# Ground rod Getting Spark?



## Carol K (May 10, 2002)

Dicovered my fence wasn't working today. Have a 30 mile red snapper on it, and when testing with a fence tester brely gives only one light lit up. I have 3 grounds 10 feet apart and on the furthest ground it is sparking, what would cause this? Also when I put the tester directly on the charger, I have nothing, I'm at a loss what to do next, this is not a new fence so has worked fine in the past, how could a ground rod be getting a spark?

Carol K


----------



## Karin L (Oct 5, 2006)

Ground could be too dry. Maybe try pouring some water around the ground rods to get something.

Another thing could be that something is "stealing" the charge so that the fence is weaker, like grass against the fence or snow or even a piece of wire.

All sorts of possibilities. Also, what kind of fence charger do you have? Solar or battery powered?


----------



## francismilker (Jan 12, 2006)

If you're getting a spark where your ground wire is connecting to the rod, most likely you have a bad or corroded connection there. You might unplug the charger and tighten all the ground rod connections. It also helps to get a bit of no-oxide grease as a corrosion inhibitor and rub on the ground rod before making the connection.

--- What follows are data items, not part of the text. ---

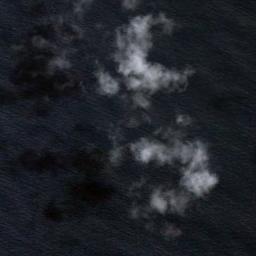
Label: cloud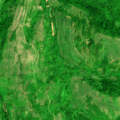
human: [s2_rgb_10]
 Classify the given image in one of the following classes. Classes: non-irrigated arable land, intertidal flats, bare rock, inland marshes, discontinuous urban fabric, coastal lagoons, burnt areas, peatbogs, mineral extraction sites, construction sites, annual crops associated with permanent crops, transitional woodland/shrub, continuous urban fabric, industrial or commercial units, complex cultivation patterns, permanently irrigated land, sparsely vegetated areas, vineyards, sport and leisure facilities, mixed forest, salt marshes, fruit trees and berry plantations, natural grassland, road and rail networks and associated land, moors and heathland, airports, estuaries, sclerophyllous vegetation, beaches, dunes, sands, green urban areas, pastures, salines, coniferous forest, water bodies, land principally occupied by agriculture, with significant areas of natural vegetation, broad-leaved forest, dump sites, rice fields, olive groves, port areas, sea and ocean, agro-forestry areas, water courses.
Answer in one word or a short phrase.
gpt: pastures, broad-leaved forest, transitional woodland/shrub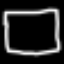
Label: square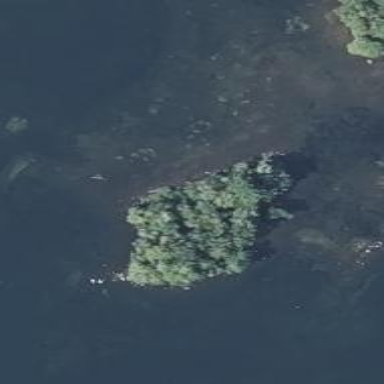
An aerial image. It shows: Image showing island.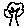
Label: tree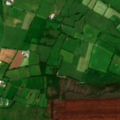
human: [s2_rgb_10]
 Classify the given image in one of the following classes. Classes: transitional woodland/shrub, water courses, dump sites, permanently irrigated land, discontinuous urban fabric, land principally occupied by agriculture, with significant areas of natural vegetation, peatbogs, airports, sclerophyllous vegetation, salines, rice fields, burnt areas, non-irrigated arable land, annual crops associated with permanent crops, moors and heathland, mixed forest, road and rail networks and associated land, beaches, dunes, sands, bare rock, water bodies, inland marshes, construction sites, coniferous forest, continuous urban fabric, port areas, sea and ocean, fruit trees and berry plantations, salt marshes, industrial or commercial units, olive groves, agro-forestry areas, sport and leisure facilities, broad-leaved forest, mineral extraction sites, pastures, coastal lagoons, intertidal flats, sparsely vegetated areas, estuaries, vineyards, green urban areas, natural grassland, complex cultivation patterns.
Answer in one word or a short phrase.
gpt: pastures, peatbogs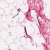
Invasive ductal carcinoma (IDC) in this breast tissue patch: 0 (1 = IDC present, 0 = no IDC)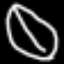
Label: leaf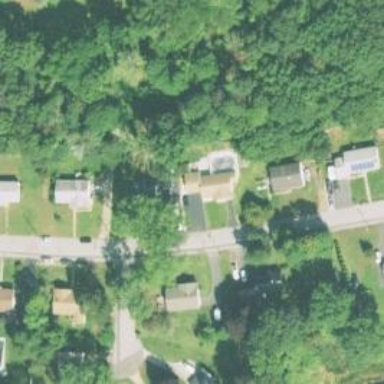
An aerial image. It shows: Residential driveway serving as service road.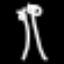
Label: palm tree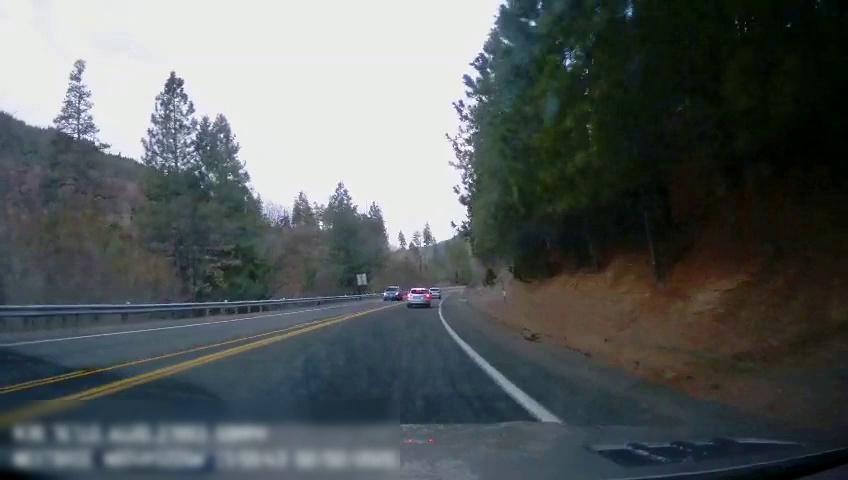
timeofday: Day
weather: Sunny
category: Drivable Space
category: Vehicles | Car
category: Vehicles | SUV
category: Vehicles | Car
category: Lanes | Current Lane
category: Lanes | Alternate Lane
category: Lanes | Alternate Lane
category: Lanes | Alternate Lane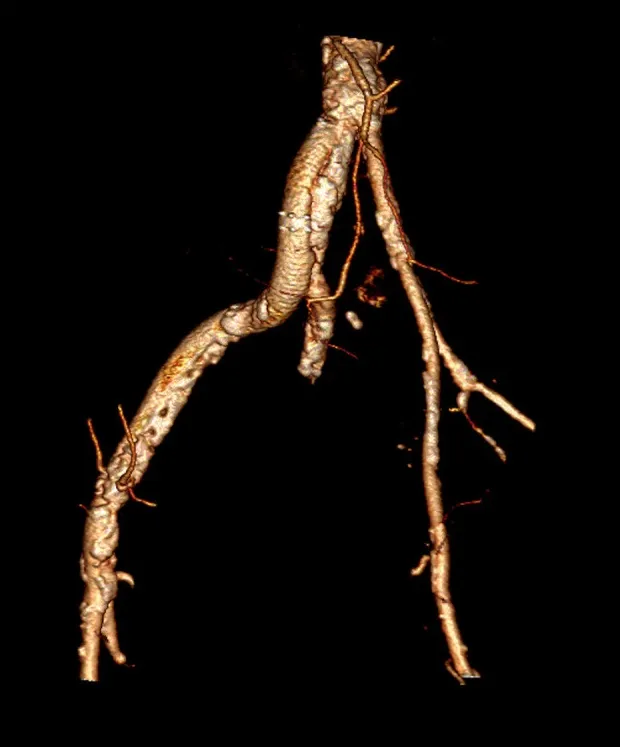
3D reconstruction of the iliofemoral axes, demonstrating the hypoplasia of the left axis and massive calcific involvement of the right axis.
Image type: radiology (ct)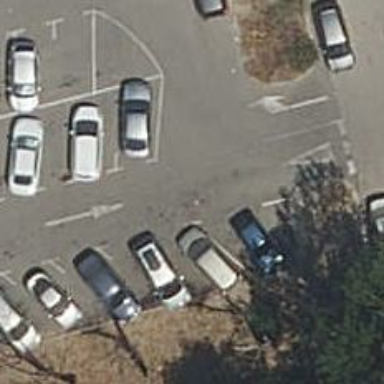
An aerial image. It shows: Road serving as parking aisle.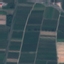
Land use / land cover: PermanentCrop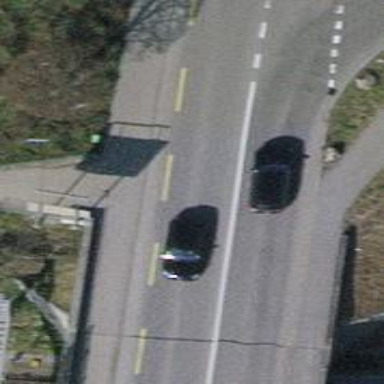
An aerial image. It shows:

Does it appear to be sheened over with a green cake-like film? Or possibly small charcoal colored burn marks?
Have you removed the wire that is running out to the pasture while you're testing the charger directly? If you're getting a very weak test out on the wire you probably have something shorting it out that is hard to find and that's what is weakening your charge. If that spark finds a way to get to ground even through a partial short, you're going to notice a significantly less charge.


----------



## Carol K (May 10, 2002)

Well my ground is very wet, so don't think it is that. I will go and unplug and check the ground that is sparking, it didn't look coroded and it was new in last year but will take apart and check it out. Two of us have walked the whole fence 3 times, boy were we frustrated, the ground sparking is the only problem we encountered, unless the underground wire (under the gates) somehow got a nick in it, but that is all new last year to.

Carol


----------



## agmantoo (May 23, 2003)

Carol K
Disconnect the charger from the fence and then connect the tester to the two charger terminals. That will be the output of the charger and tell you if the charger is working properly. Then take a digital multimeter and connect the multimeter to the earth ground and to the fence without the charger and get the resistance reading. It should be greater than 500 ohms. If it isn't then you have too much of an earth short. If you are see the spark at the ground by having the charger on and then you are disconnecting the ground wire to the ground rod and creating a small gap that is normal, particularly if the fence has a bad short.


----------



## genebo (Sep 12, 2004)

It's not cheap, but the StaFix Fence Compass has helped me out many times. You touch it to the fence and press a button. It tells you the voltage on the fence and the amount of drain on the fence at that point. Best of all, it displays an arrow showing which direction to the drain.

Follow the arrow to the short.

Genebo
Paradise Farm


----------



## Ken Scharabok (May 11, 2002)

Different name, but I have essentially the same device as genebo. I've installed some on/off switches at corners to help as well. I run electric wire along with barbed. They seem to have an infinity to reach out and touch each other.

I have a 10K box and if everything is well get a 9.9 reading on the meter. Anything less I know there is a short somewhere.

For a while a neighbor and I had a problem with our bulls head fighting through the barb wire fence. An electric stand on both sides seems to have solved that problem.


----------



## Oxankle (Jun 20, 2003)

Removable connections at each fence corner are desirable. They can be expensive switches or as simple as two insulated alligator clips with a piece of stranded wire between them. If you don't worry about a little rust, and if your charger is powerful, you can simply use a piece of fence wire with a piece of garden hose for use as a grip. 

The very expensive short-finders begin to look cheap after a while. Deer and hunters are bad about wrapping hot wires around barbed. 
Ox


----------